The Black Hawks by David Wragg – Review

Cover- The Black Hawks

Published: October 3, 2019

Publisher: HarperVoyager

Series: Articles of Faith #1

Genre: Fantasy

Pages: 421 (Paperback)

My Rating: 3.0/5.0

Synopsis:

Dark, thrilling, and hilarious, The Black Hawks is an epic adventure perfect for fans of Joe Abercrombie and Scott Lynch.

Life as a knight is not what Vedren Chel imagined. Bound by oath to a dead-end job in the service of a lazy step-uncle, Chel no longer dreams of glory – he dreams of going home.

When invaders throw the kingdom into turmoil, Chel finds opportunity in the chaos: if he escorts a stranded prince to safety, Chel will be released from his oath.

All he has to do is drag the brat from one side of the country to the other, through war and wilderness, chased all the way by ruthless assassins.

With killers on your trail, you need killers watching your back. You need the Black Hawk Company – mercenaries, fighters without equal, a squabbling, scrapping pack of rogues.

Prepare to join the Black Hawks.


I picked up the audiobook for this last month and was pretty excited to check it out. Synopsis? Good. Cover? Pretty Cool. Reviews? Not Bad. But guess who just didn’t love it… yep, me. I was incredibly disappointed because it says right in the synopsis “perfect for fans of Joe Abercrombie and Scott Lynch” and that’s MEEEEE. I don’t really see the Scott Lynch comparison working, but it has the same bleakness as Abercrombie but I failed to love the characters as much.
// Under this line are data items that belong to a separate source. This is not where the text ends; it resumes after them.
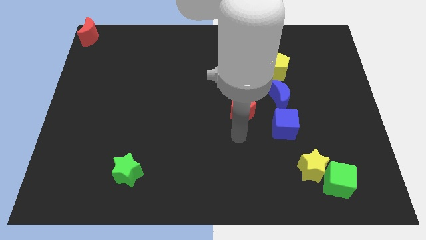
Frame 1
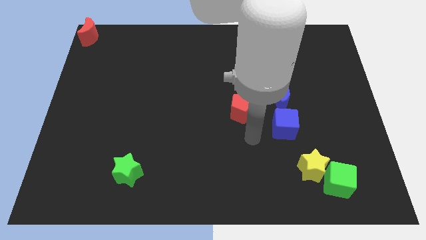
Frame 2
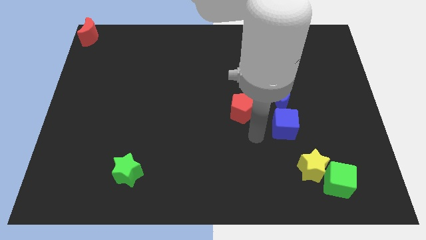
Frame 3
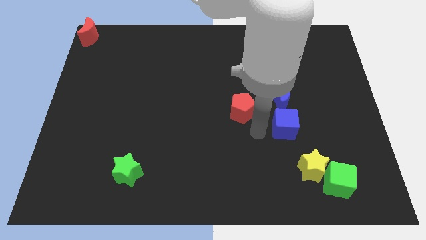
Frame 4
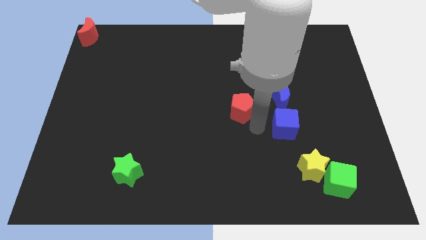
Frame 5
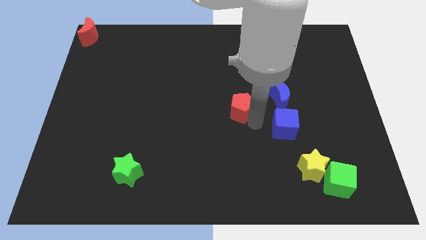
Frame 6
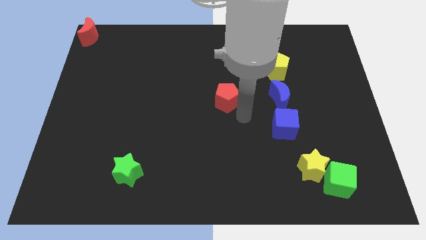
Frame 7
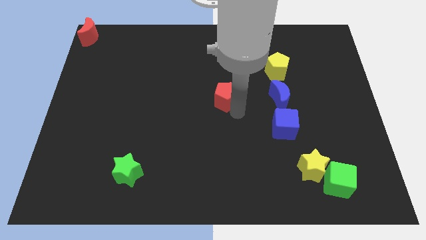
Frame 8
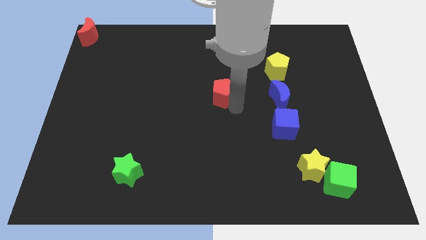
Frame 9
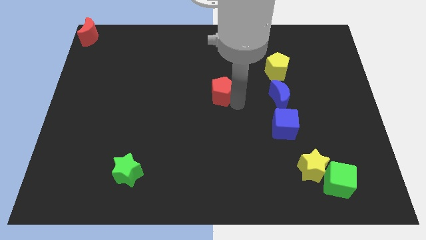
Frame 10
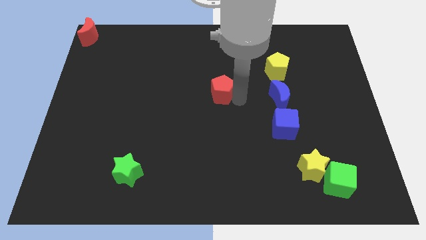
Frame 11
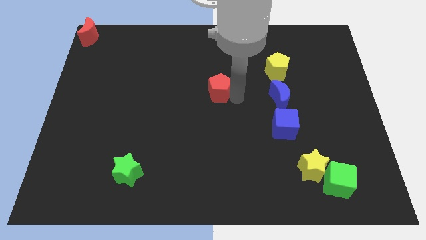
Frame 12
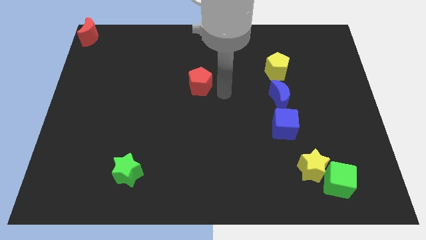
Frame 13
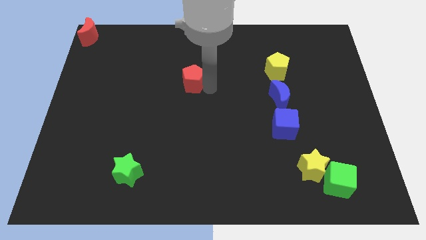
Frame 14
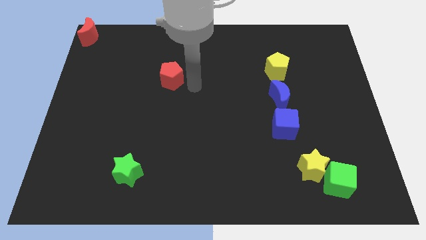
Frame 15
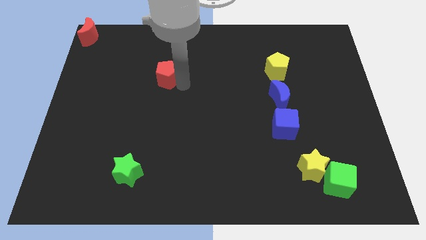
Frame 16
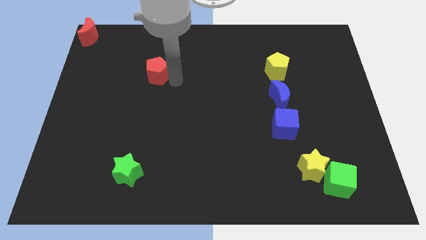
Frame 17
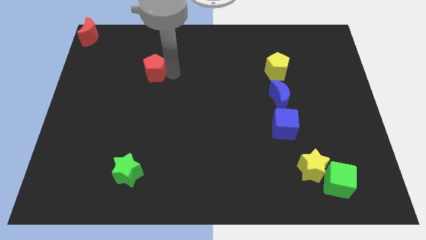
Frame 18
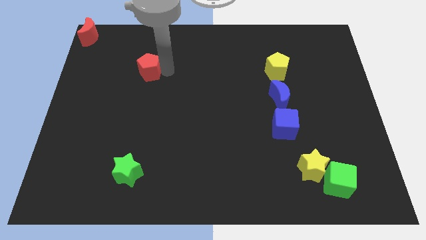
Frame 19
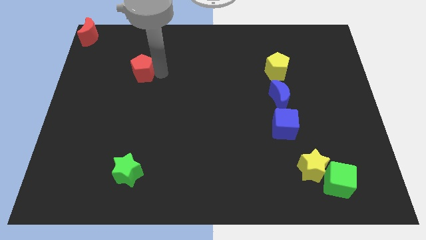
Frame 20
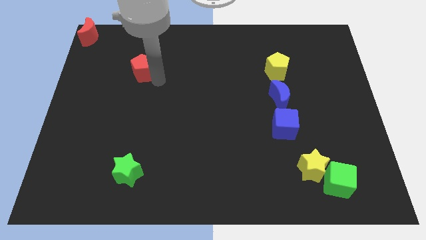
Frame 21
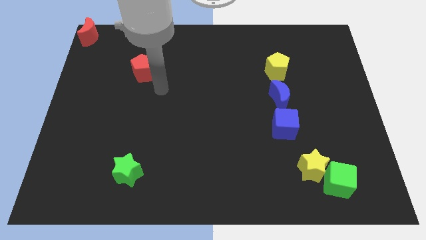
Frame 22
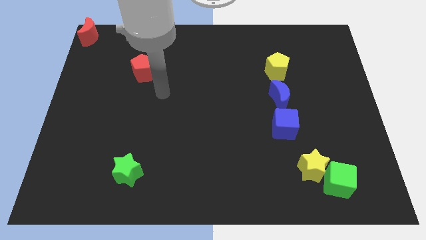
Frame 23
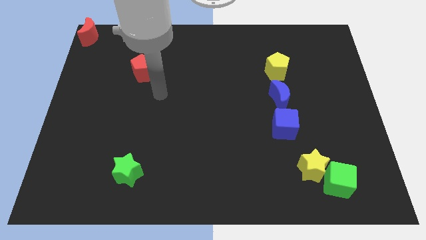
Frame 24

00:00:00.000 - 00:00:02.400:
place the red pentagon vertically above the green star

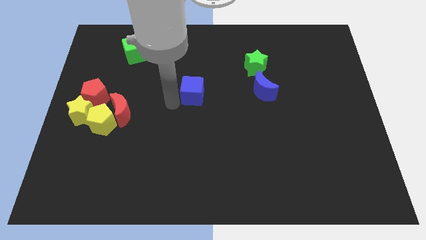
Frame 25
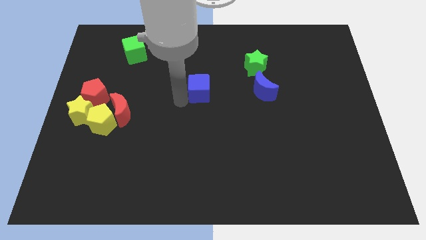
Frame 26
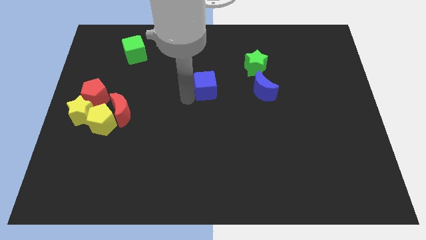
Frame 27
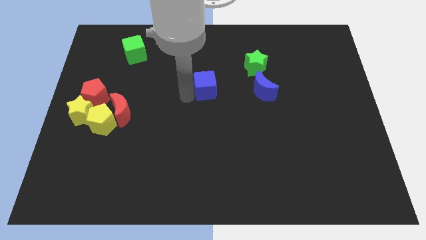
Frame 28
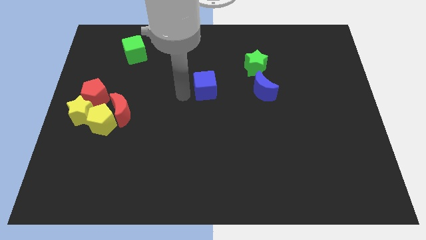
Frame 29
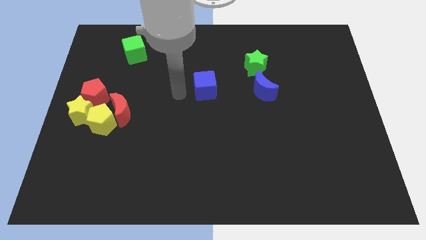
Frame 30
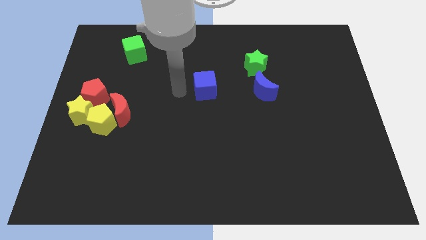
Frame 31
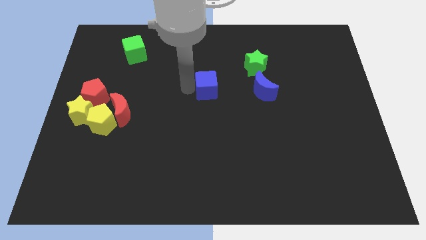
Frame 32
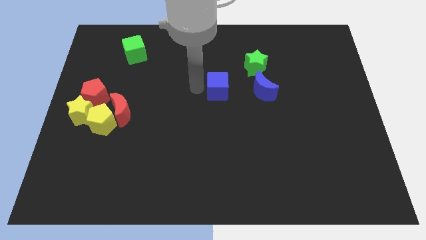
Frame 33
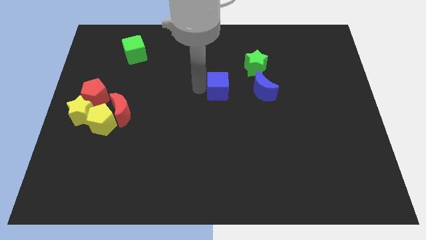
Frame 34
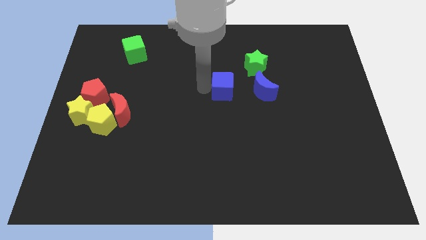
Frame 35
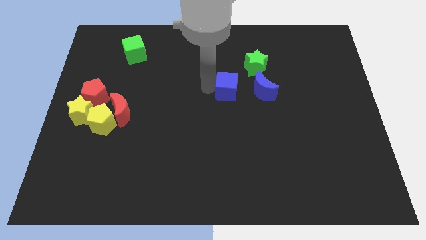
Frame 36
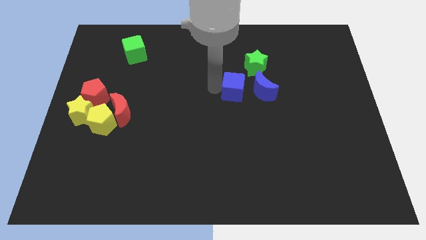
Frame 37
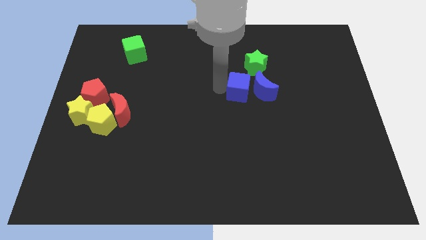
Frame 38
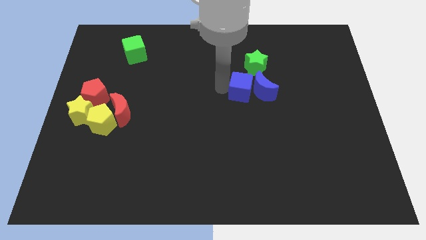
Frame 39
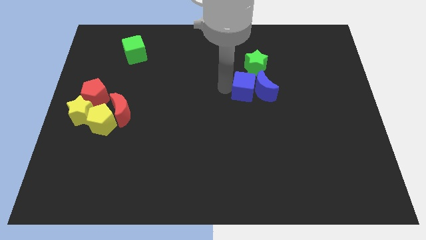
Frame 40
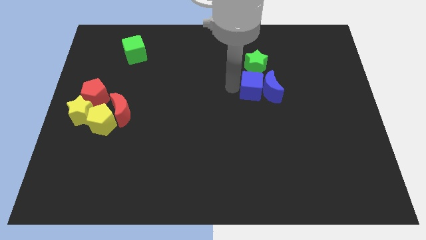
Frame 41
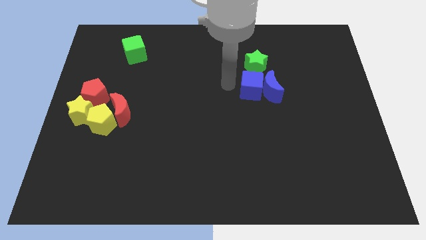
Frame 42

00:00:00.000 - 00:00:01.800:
place blue cube below green star

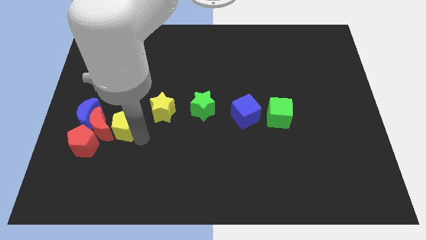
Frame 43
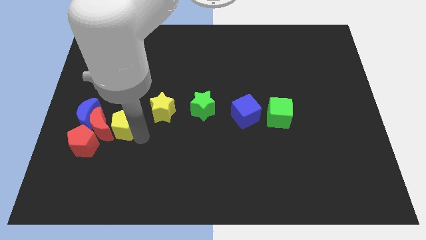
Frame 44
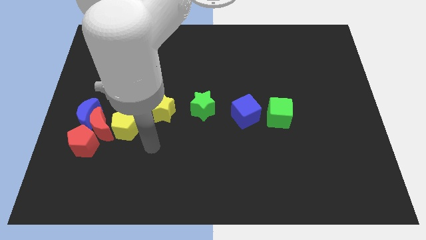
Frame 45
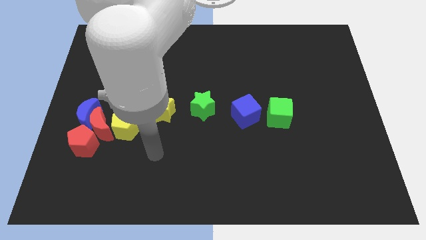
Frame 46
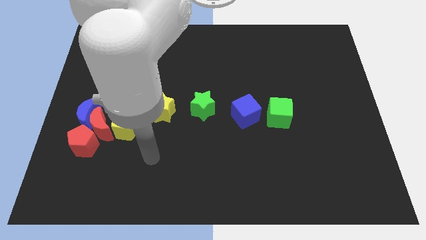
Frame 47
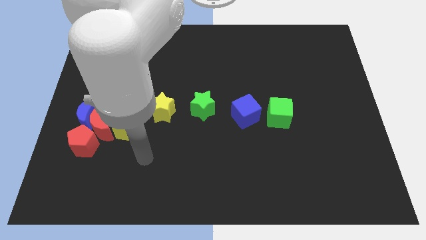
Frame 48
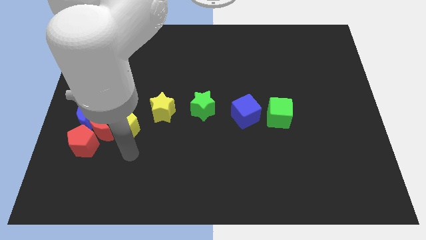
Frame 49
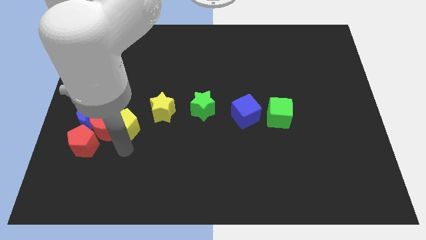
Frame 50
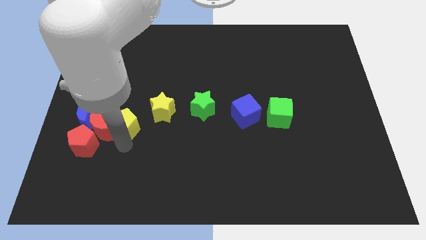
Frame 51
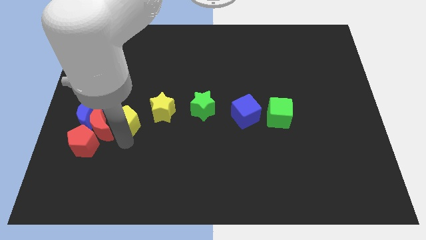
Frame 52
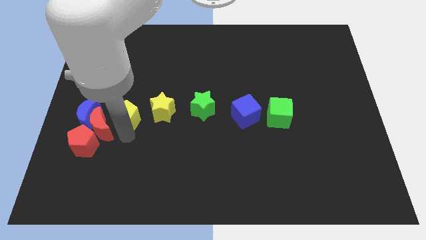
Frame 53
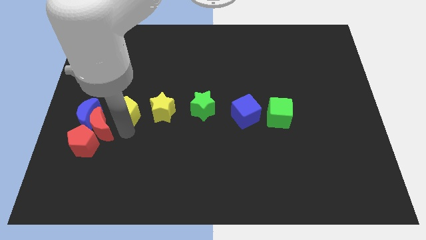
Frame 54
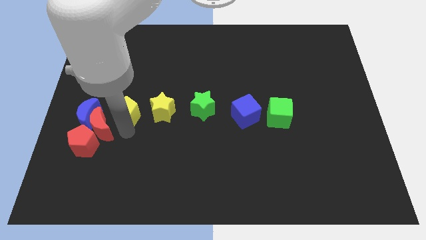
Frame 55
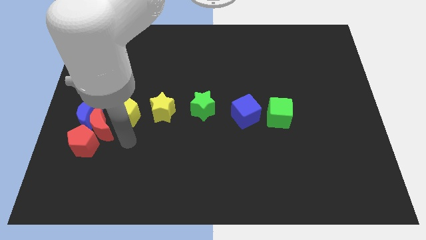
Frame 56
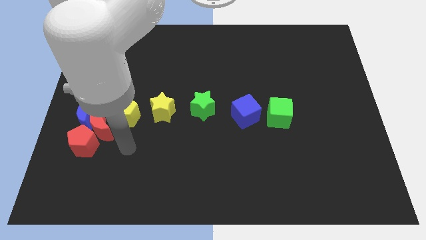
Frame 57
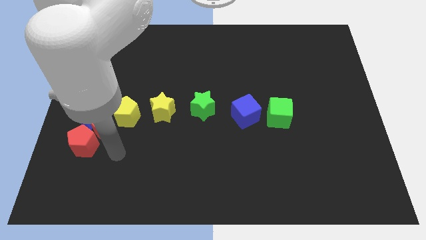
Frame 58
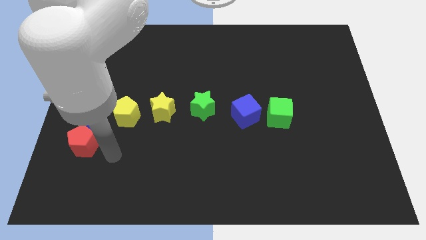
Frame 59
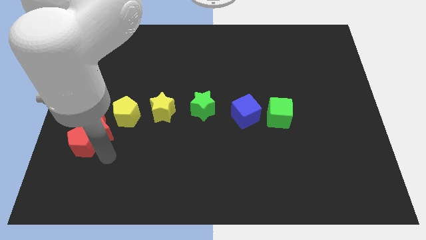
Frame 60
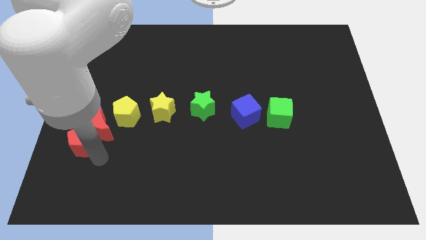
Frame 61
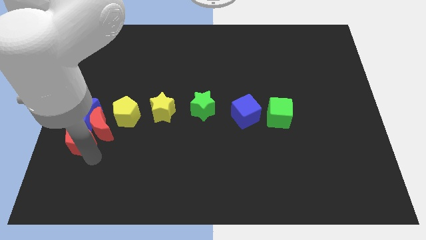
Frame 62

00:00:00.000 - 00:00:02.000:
move the yellow pentagon left beside the yellow star

I’m actually struggling to remember all the plot details and what exactly I thought of the book. It just didn’t stand out from the crowd of fantasy books. Perhaps this would have worked better for me in print because the narration made it feel monochromatic. No life to the story telling.

Vedren Chel (our MC) was a decent sort. He was quite dedicated to protecting the fairly useless prince he attached himself to despite the fact that this only put him in further danger. The Black Hawk mercenary group was sort of generically tough, with scary sounding names like Spider and Lemon. People were trying to kill them and they found themselves running from death at every turn. 

I was almost bored to death about 25% in, but I had a lot of cooking to do and needed something to listen to whilst I chopped, sauteed, and cleaned up. I trudged through the boring bits and lo, it started to liven up in the latter half. I started to care about what was going on (not that I can remember much now though). I will admit to loving Lemon from the start because of her angry Scots-ish ranting and swearing. It was hilarious and brightened up my attitude towards the whole book.

Long story short, it was good enough for me to finish out the book but probably not good enough for me to continue the series. Unless of course someone starts handing out rave reviews. I might even pick up the series in print at some point because I think the narration lent to my lack of enthusiasm.

3 thoughts on “The Black Hawks by David Wragg – Review

  1. I picked this up on kindle when it was on a good deal. The mention of the Scots ranting really worries me because I’ve never really seen it done right. Will keep this on the radar and try and vague some other reviews so thanks for putting your thoughts out there.